Точное определение времени возникновения эпопей так же мало возможно, как и вообще подобные определения в области древнейшей греческой истории; доисторическая эпоха допускает лишь относительную хронологию. „Илиада" в общем древнее „Одиссеи", которая заимствовала у нее множество формул и целых стихов, да и вообще в целом отражает более высокую степень культурного развития. Эпический цикл троянских сказаний также, как мы видели, уже предполагает существование нашей „Илиады" Поэты VII века, например, Архилох и Тиртей, были уже знакомы, по крайней мере, с большою частью „Илиады" и „Одиссеи"; следовательно, ядро обеих эпопей должно было возникнуть никак не позже VIII века. Но возможно, что оно восходит и к более раннему времени, и даже вероятно, что древнейшие песни „Илиады" принадлежат еще IX веку. С другой стороны, конец „Одиссеи" указывает уже на существование правильных торговых сношений с Сицилией, которые могли развиться лишь с началом греческой колонизации острова; следовательно, это произведение едва ли было закончено ранее VII века. А отдельные отрывки, как, например, орфийская интерполяция в „Некии", относятся, может быть, еще к более позднему времени. В VII столетии — во всяком случае, не позже конца его — был сочинен и „Список кораблей" в "Илиаде", потому что между фокейскими городами он упоминает „священную Крису", которая была разрушена около 590 г. Когда были впервые записаны эпические песни, мы не знаем; но так как до IV века они сохранялись главным образом путем устной передачи, то они не могли избежать многочисленных мелких изменений, которые затем попали отчасти и в писаные экземпляры. Только александрийские филологи восстановили текст в том виде, как мы в общем читаем его еще теперь.
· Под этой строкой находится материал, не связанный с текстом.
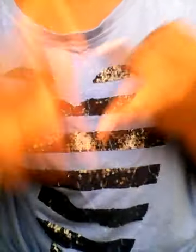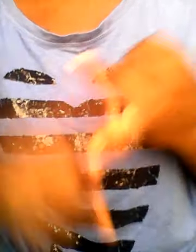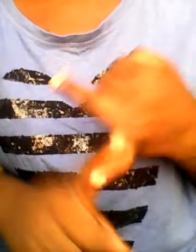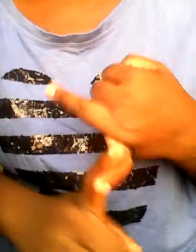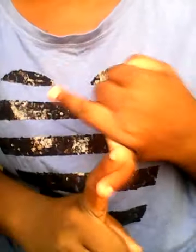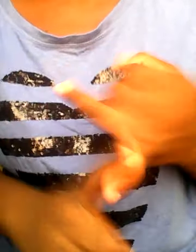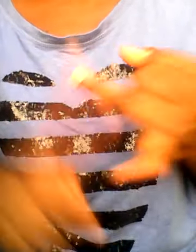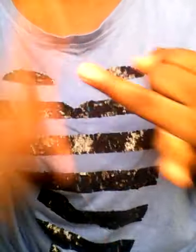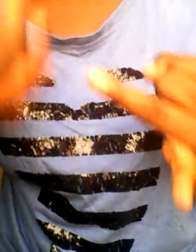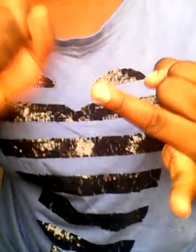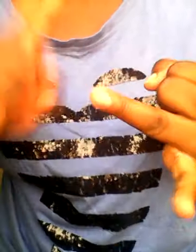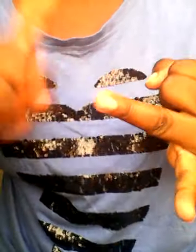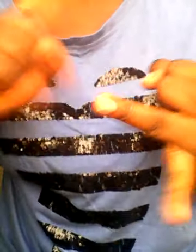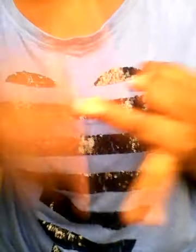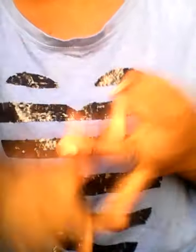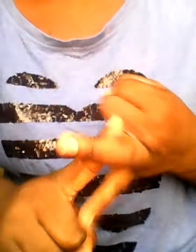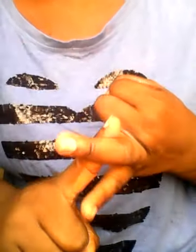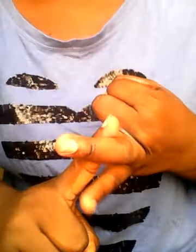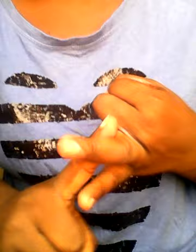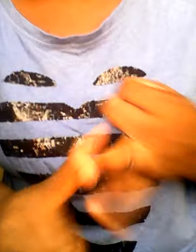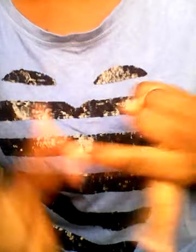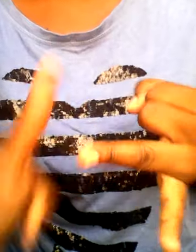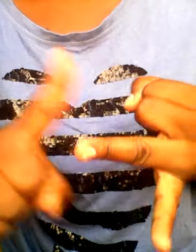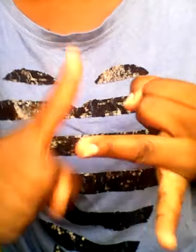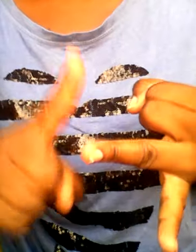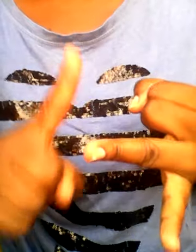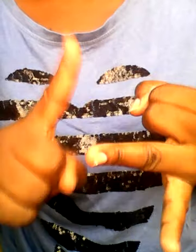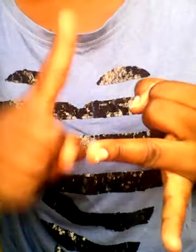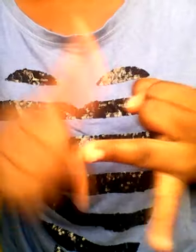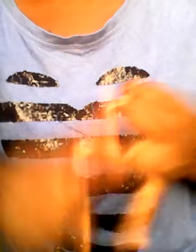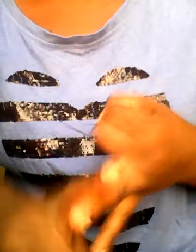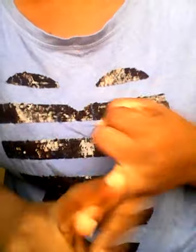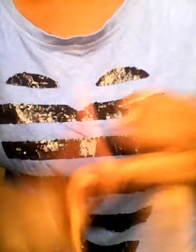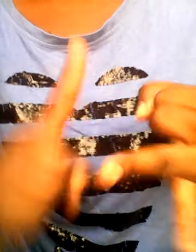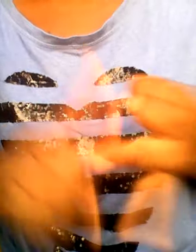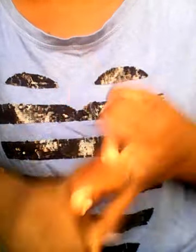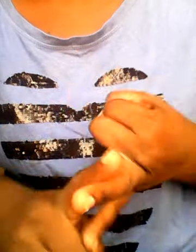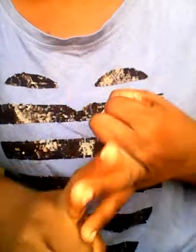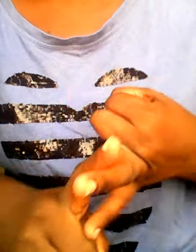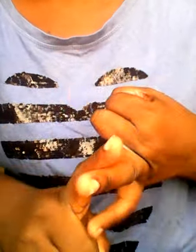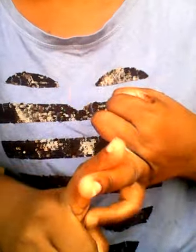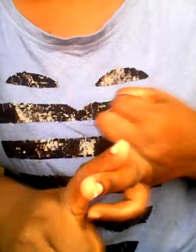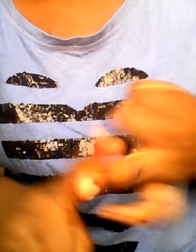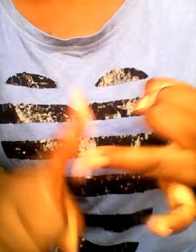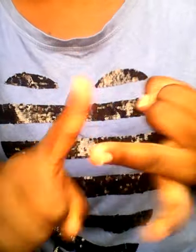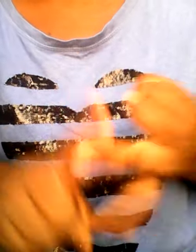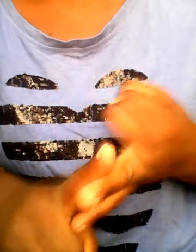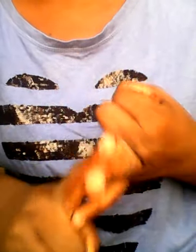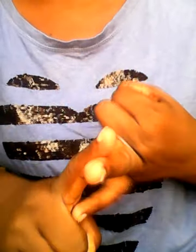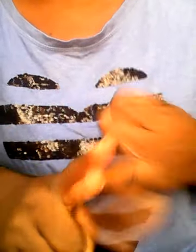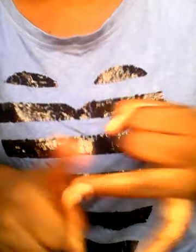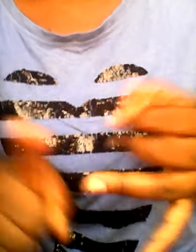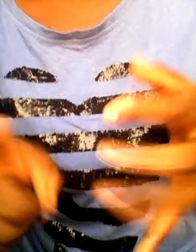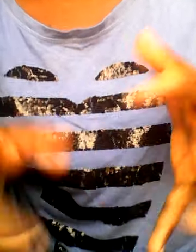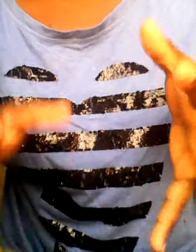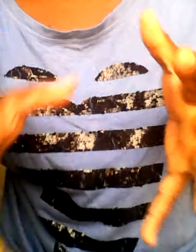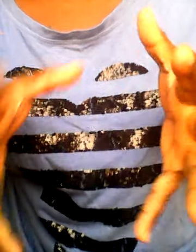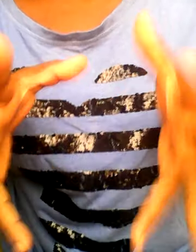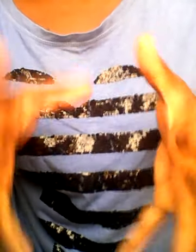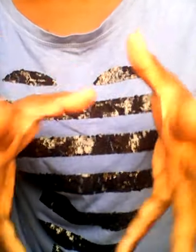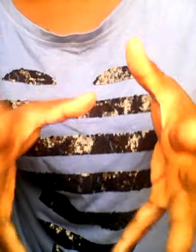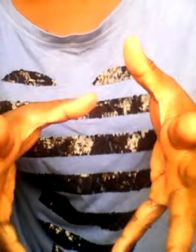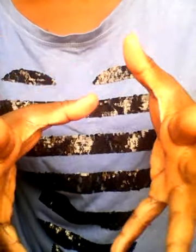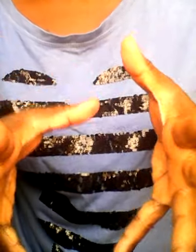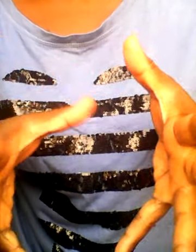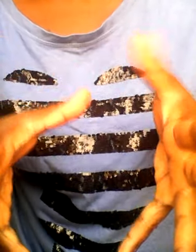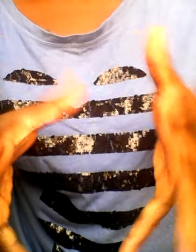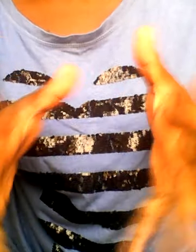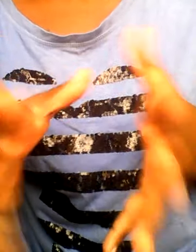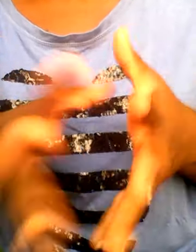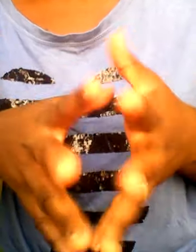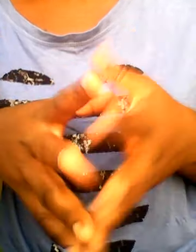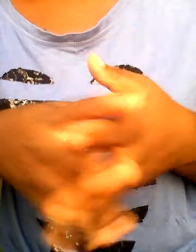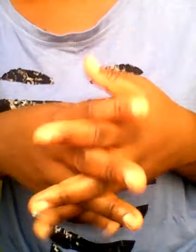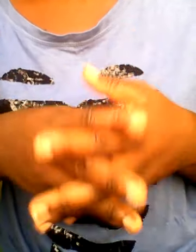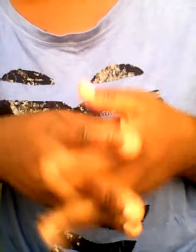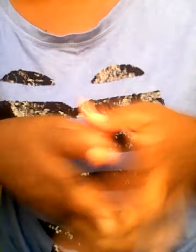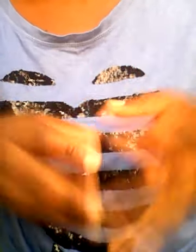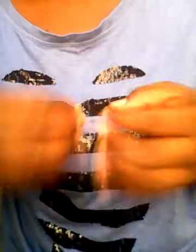l'eau chaude arrêter les douches les douches chaudes arrêter les bains chauds je sais que un

ГЛАВА V. Традиционная история греческой древности
Певцы эпоса, как и их слушатели, не имели еще никакого представления о том, какая пропасть отделяет историю от мифа. Троянская война, поход „семи против Фив", странствования Одиссея и Менелая представлялись им историческою действительностью, и они так же твердо верили, что Ахилл, Диомед, Агамемнон и все прочие герои некогда действительно жили, как швейцарский народ до недавнего времени верил в своего Телля или Винкельрида. Вообще до IV века едва ли кто-нибудь в Греции решался отнестись скептически к этим преданиям. Даже такой критический ум, как Фукидид, еще совершенно находится под влиянием эпического предания — до того, что он производит статистическое исследование относительно величины армии Агамемнона и старается выяснить вопрос, каким образом могли быть прокормлены подобные массы в продолжение десятилетней осады Трои.
Но изображаемый в эпосе мир принадлежал неизмеримо далекому прошлому. Люди были в то время гораздо сильнее, чем „живущие теперь"; боги еще спускались на землю и не гнушались рождать сыновей от смертных женщин. Настоящее и то, что знали из устных преданий о недалеком прошлом, теряло всякий интерес в сравнении с этой великой стариной; и если эпос иногда обращался к историческим воспоминаниям, он переносил события в героическое время и тесно сливал их с мифом. Каким образом настоящее развилось из героической эпохи, — этим вопросом поэты и их современники еще не задавались.
Наступило, однако, время, когда этот вопрос был поставлен. Теперь захотели узнать, почему Греция в историческое время была так мало похожа на ту, какой она изображена у Гомера, — почему, например, Гомеру еще неизвестна Фессалия, почему он населяет Арголиду ахейцами, а не дорийцами, почему у него в Аргосе и Спарте царствуют потомки Пелопса, а не Геракла. В этих вопросах сказывается первое пробуждение исторического интереса.
Но в вопросе заключался уже и ответ. Ясно было, что после Троянской войны большая часть греческих племен покинула свои старые места и что Эллада со времени этой войны стала ареной настоящего переселения народов. Однако на одном этом факте не могли успокоиться. Хотели знать также и причину переселений, и ближайшие обстоятельства, сопровождавшие их. Народу, одаренному такой живой сообразительностью, нетрудно было ответить на это.